I thought the forced sale was trying to get it to be able to stay around because a ban was so unpopular while accomplishing the same goal of breaking China’s access to the algorithm and collected data. They tried the Oracle housing but Byte Dance kept giving access to engineers with ties to the CCP. Either way, I just get an overall vibe in this debate that people aren’t considering China a big threat and I think that’s a mistake. Not saying you specifically but the discourse that I have read across many posts.

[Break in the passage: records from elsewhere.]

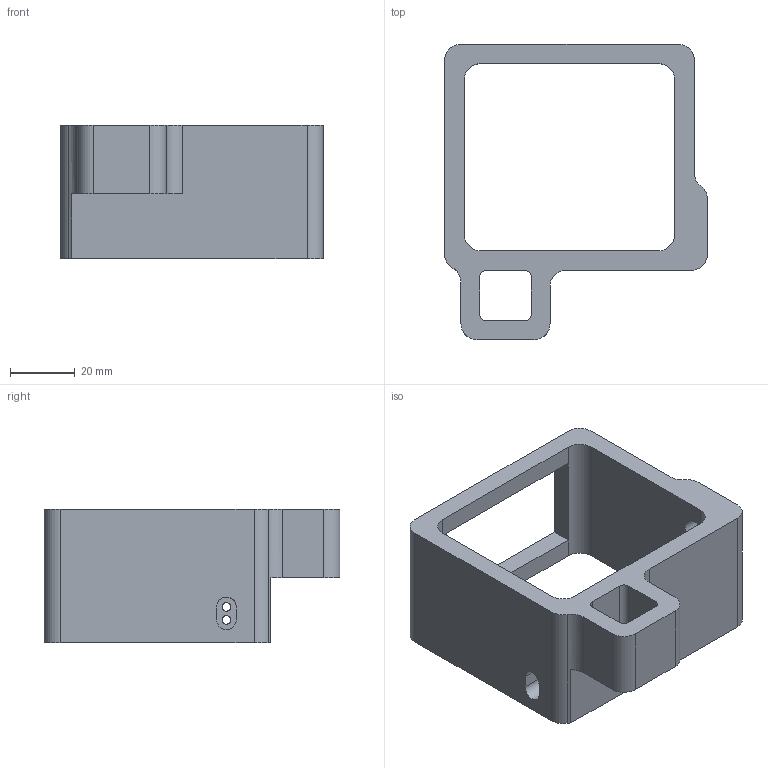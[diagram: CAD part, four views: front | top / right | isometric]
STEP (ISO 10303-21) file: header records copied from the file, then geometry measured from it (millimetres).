
FILE_DESCRIPTION(/* description */ (''),/* implementation_level */ '2;1');
FILE_NAME(/* name */ 'Turret Head.stp',/* time_stamp */ '2020-02-19T17:50:54-05:00',/* author */ ('Isaac Baumert'),/* organization */ (''),/* preprocessor_version */ 'ST-DEVELOPER v16.5',/* originating_system */ 'Autodesk Inventor 2017',/* authorisation */ '');
FILE_SCHEMA (('AUTOMOTIVE_DESIGN { 1 0 10303 214 3 1 1 }'));
Length unit declared in the file: millimetre
Products named in the file (1): Turret Head
Bounding box: 80.8 x 91 x 41 mm (x, y, z)
Volume: 66193 mm3; surface area: 26126.2 mm2
Topology: 1 solids, 1 shells, 59 faces, 180 edges, 120 vertices
Faces by surface type: plane 30, cylinder 29
Full cylindrical faces by diameter (mm): 2.7 x2, 8.5 x1
Entity records: 2076 total; most frequent: CARTESIAN_POINT 388, ORIENTED_EDGE 348, DIRECTION 348, EDGE_CURVE 174, AXIS2_PLACEMENT_3D 119, VERTEX_POINT 117, LINE 110, VECTOR 110
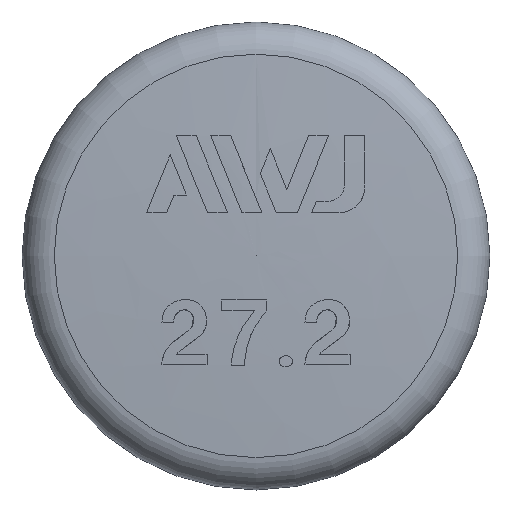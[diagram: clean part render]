
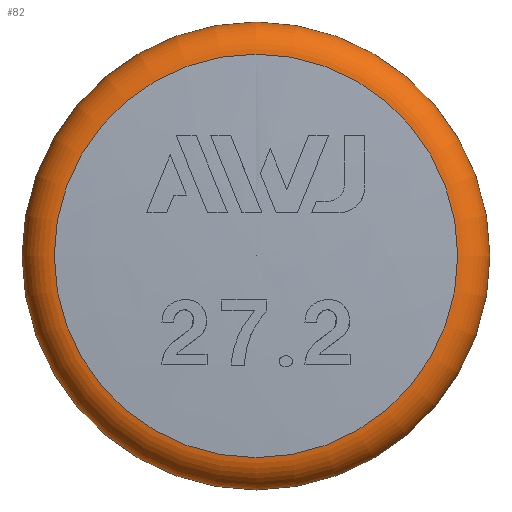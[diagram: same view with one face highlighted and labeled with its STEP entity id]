
A CAD part, top view. The second image highlights one B-rep face of the part: STEP entity #82.
In plain terms, the highlighted toroidal (fillet/blend) face has major radius 11.6 mm and minor radius 2 mm.
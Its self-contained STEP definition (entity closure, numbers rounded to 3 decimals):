
#82 = ADVANCED_FACE( '', ( #182, #183 ), #184, .T. );
#182 = FACE_OUTER_BOUND( '', #436, .T. );
#183 = FACE_OUTER_BOUND( '', #437, .T. );
#184 = TOROIDAL_SURFACE( '', #438, 11.6, 2. );
#436 = EDGE_LOOP( '', ( #883 ) );
#437 = EDGE_LOOP( '', ( #884 ) );
#438 = AXIS2_PLACEMENT_3D( '', #885, #886, #887 );
#883 = ORIENTED_EDGE( '', *, *, #1469, .F. );
#884 = ORIENTED_EDGE( '', *, *, #1431, .T. );
#885 = CARTESIAN_POINT( '', ( 0., 0., 24.634 ) );
#886 = DIRECTION( '', ( 0., 0., -1. ) );
#887 = DIRECTION( '', ( 0., 1., 0. ) );
#1431 = EDGE_CURVE( '', #1619, #1619, #1620, .T. );
#1469 = EDGE_CURVE( '', #1690, #1690, #1691, .T. );
#1619 = VERTEX_POINT( '', #2069 );
#1620 = CIRCLE( '', #2070, 11.728 );
#1690 = VERTEX_POINT( '', #2368 );
#1691 = CIRCLE( '', #2369, 13.6 );
#2069 = CARTESIAN_POINT( '', ( 0., 11.728, 26.63 ) );
#2070 = AXIS2_PLACEMENT_3D( '', #2932, #2933, #2934 );
#2368 = CARTESIAN_POINT( '', ( 0., 13.6, 24.634 ) );
#2369 = AXIS2_PLACEMENT_3D( '', #2940, #2941, #2942 );
#2932 = CARTESIAN_POINT( '', ( 0., 0., 26.63 ) );
#2933 = DIRECTION( '', ( 0., 0., -1. ) );
#2934 = DIRECTION( '', ( 0., 1., 0. ) );
#2940 = CARTESIAN_POINT( '', ( 0., 0., 24.634 ) );
#2941 = DIRECTION( '', ( 0., 0., -1. ) );
#2942 = DIRECTION( '', ( 0., 1., 0. ) );

[–] AmbiguousProps@lemmy.today 2 points 8 months ago (1 children)

I mean, you are correct that a complete ban is unpopular. But I don't think that's the exclusive reason the forced sale was provided as an option. TikTok (and the data on it) is super valuable. Someone will most likely buy it, and the data collection and foreign sale (or theft) will continue.

China is a threat, and so are the data brokers. This benefits US-based data brokers, but does it really benefit the individual citizen? I personally don't think so, at least not from a data collection and personal privacy perspective.

[–] WhatsThePoint@lemmy.world 2 points 8 months ago* (last edited 8 months ago)

No doubt the sale would monetarily benefit someone and I’m sure lobbyist pushed it, but since Byte Dance didn’t comply with the original work around, I don’t see a much better solution to remove the CCP’s influence on Byte Dance and the app. It’s definitely not as black and white as much of the discourse I’ve seen. I appreciate discussing it with you and I see many of your points. Data brokers are indeed out of control. I hope the language in the bill banning data brokers from selling to foreign adversaries is somehow helpful in getting the ball rolling on deeper limits to data mining. Precedents being set to limit them could be a good first step.

[–] Maggoty@lemmy.world 0 points 8 months ago

Keeps? I've seen one documented instance and it's literally a headcount for engagement hacking.